Provided material:
- - -
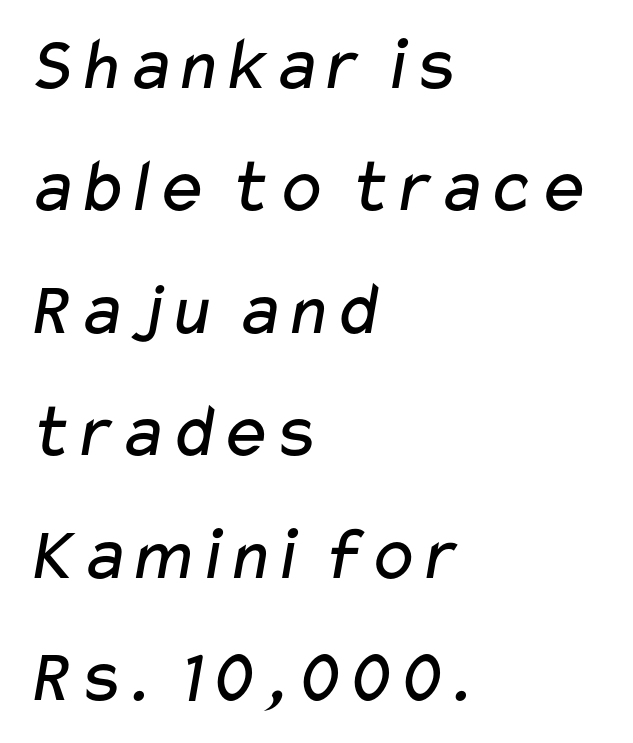
The image shows 77 px regular-weight, wide sans-serif type; set left-aligned, normal line spacing (1.59x), normal letter spacing, not underlined; low stroke contrast and a medium x-height.
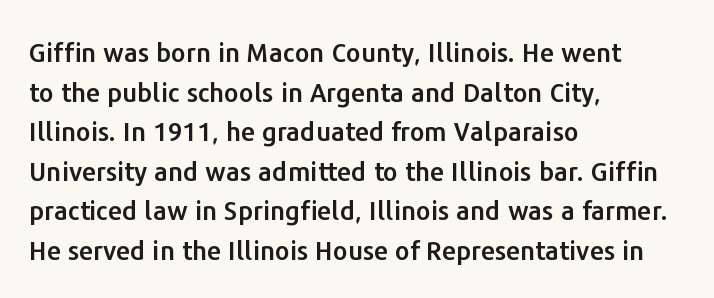
The image shows 26 px text type, upright; set left-aligned, normal line spacing (1.52x), normal letter spacing, not underlined.
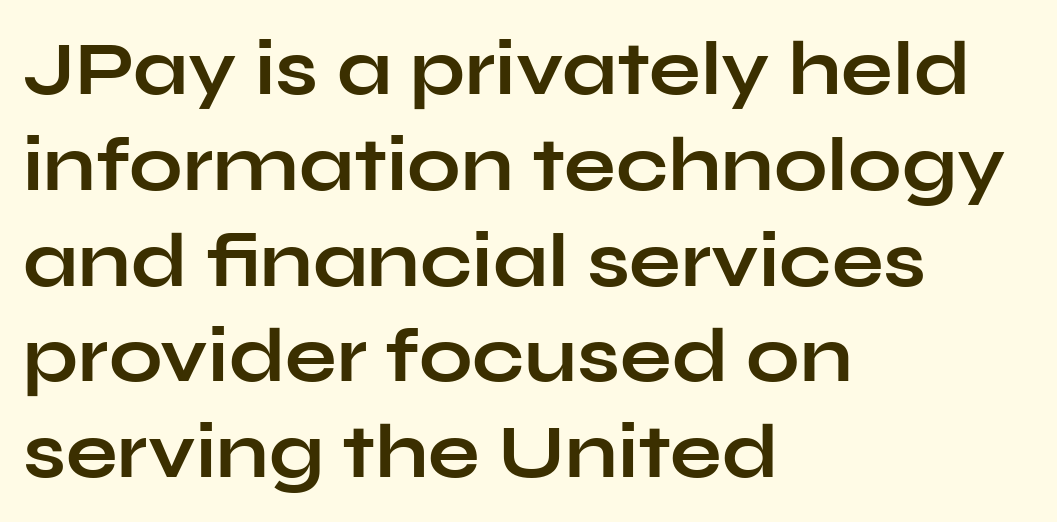
The passage shown is typed in a proportional face where columns would drift. Does the leading feel generous? No, just average. The horizontal fit of the characters is conventional and even. Look at the stroke-to-counter ratio: heavy, a bold.
- - -
Write the listing out exactly, word for word, but omit the pictures.

Solution to this task:
The image shows 77 px regular-weight, wide sans-serif type; set left-aligned, normal line spacing (1.59x), normal letter spacing, not underlined; low stroke contrast and a medium x-height.
The image shows 26 px text type, upright; set left-aligned, normal line spacing (1.52x), normal letter spacing, not underlined.
The passage shown is typed in a proportional face where columns would drift. Does the leading feel generous? No, just average. The horizontal fit of the characters is conventional and even. Look at the stroke-to-counter ratio: heavy, a bold.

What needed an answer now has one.